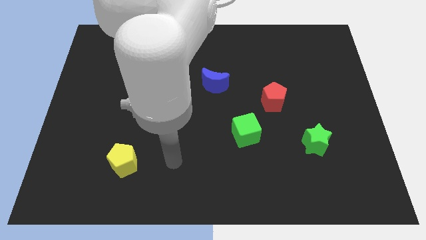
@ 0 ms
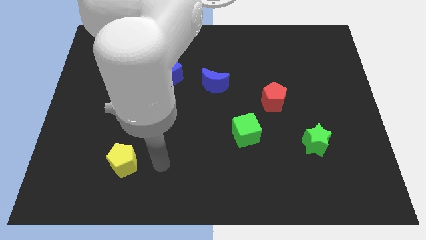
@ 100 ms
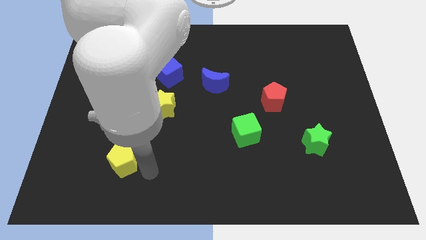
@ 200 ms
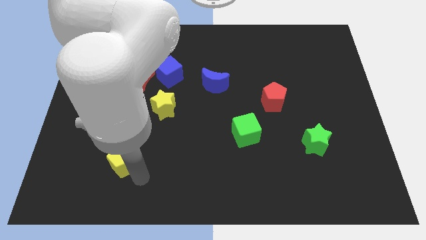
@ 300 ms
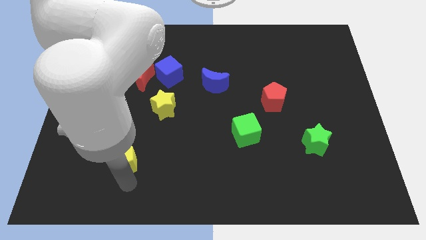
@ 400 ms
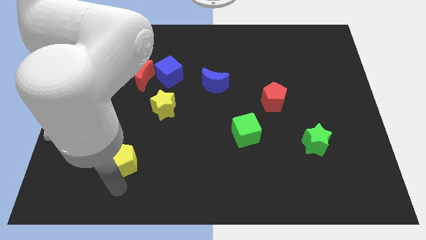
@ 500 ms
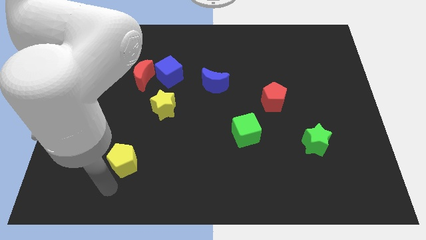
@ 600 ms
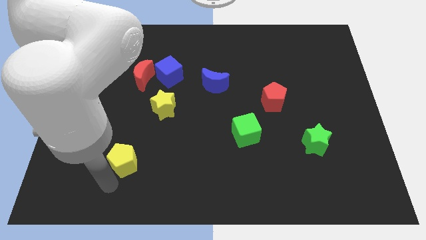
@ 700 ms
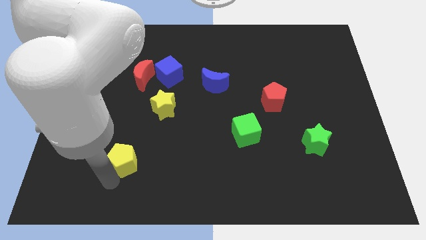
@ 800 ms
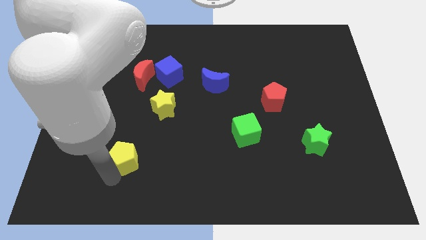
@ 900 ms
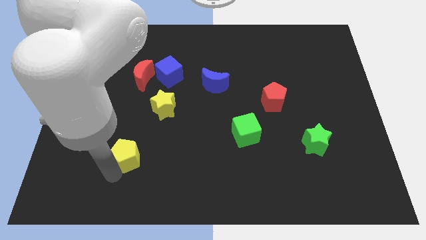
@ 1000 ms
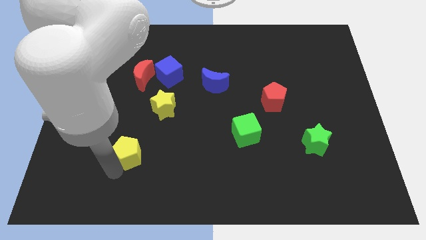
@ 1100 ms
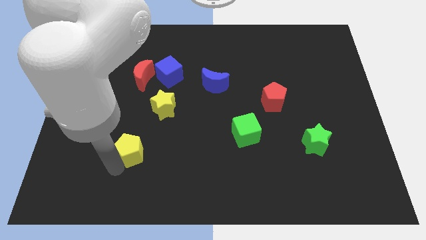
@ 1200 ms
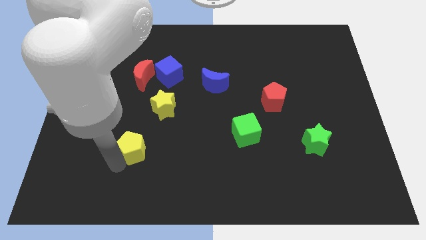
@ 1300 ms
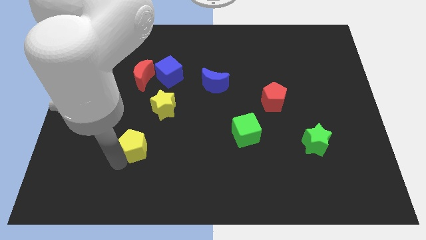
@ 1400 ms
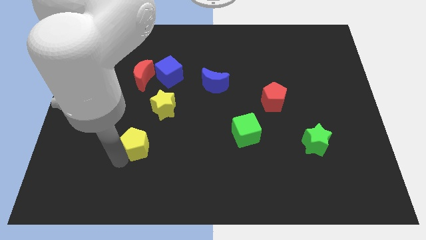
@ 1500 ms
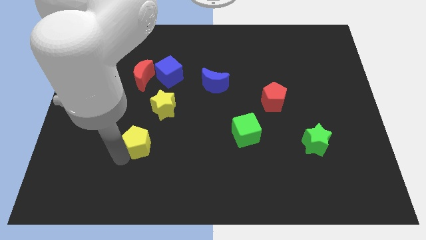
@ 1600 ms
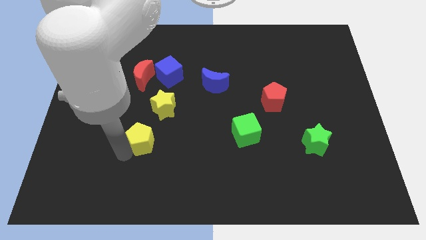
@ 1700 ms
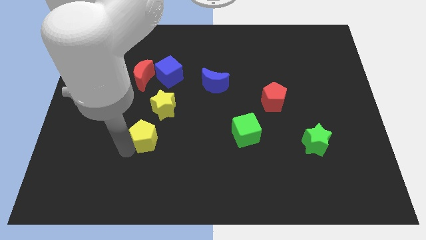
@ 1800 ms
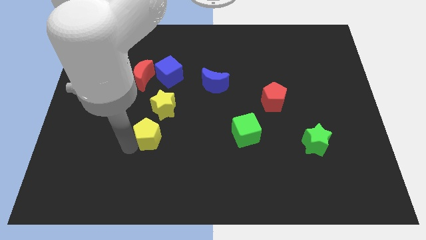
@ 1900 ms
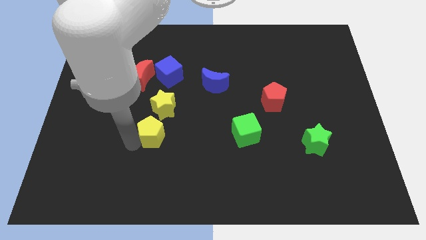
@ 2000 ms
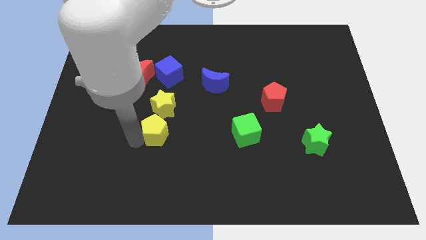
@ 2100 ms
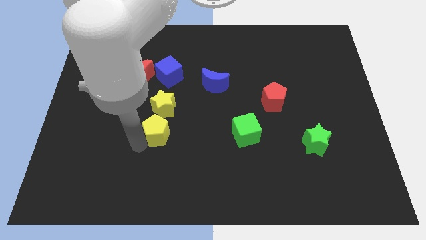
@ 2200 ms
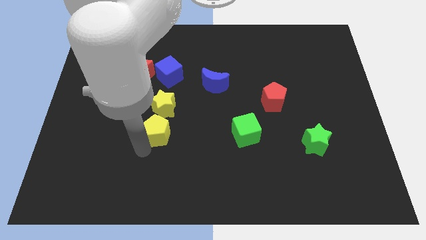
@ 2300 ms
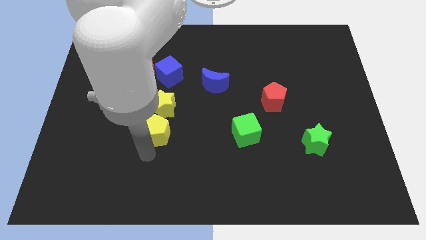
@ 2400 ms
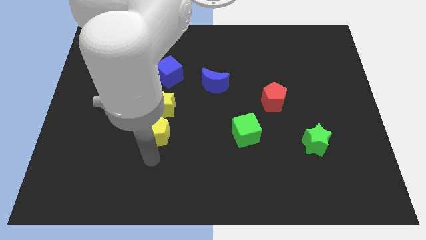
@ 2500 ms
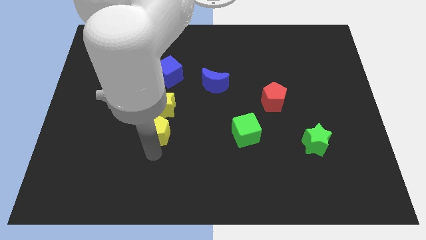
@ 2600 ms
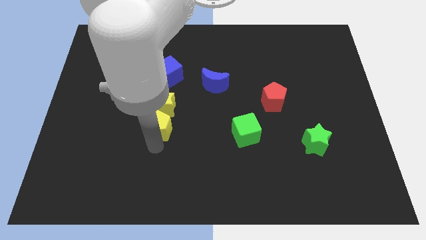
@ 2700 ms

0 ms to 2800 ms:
move the yellow pentagon to the yellow star

__________

** About this task **
The whole listing, minus its images, should be repeated exactly.

** Your solution **
@ 0 ms
@ 100 ms
@ 200 ms
@ 300 ms
@ 400 ms
@ 500 ms
@ 600 ms
@ 700 ms
@ 800 ms
@ 900 ms
@ 1000 ms
@ 1100 ms
@ 1200 ms
@ 1300 ms
@ 1400 ms
@ 1500 ms
@ 1600 ms
@ 1700 ms
@ 1800 ms
@ 1900 ms
@ 2000 ms
@ 2100 ms
@ 2200 ms
@ 2300 ms
@ 2400 ms
@ 2500 ms
@ 2600 ms
@ 2700 ms

0 ms to 2800 ms:
move the yellow pentagon to the yellow star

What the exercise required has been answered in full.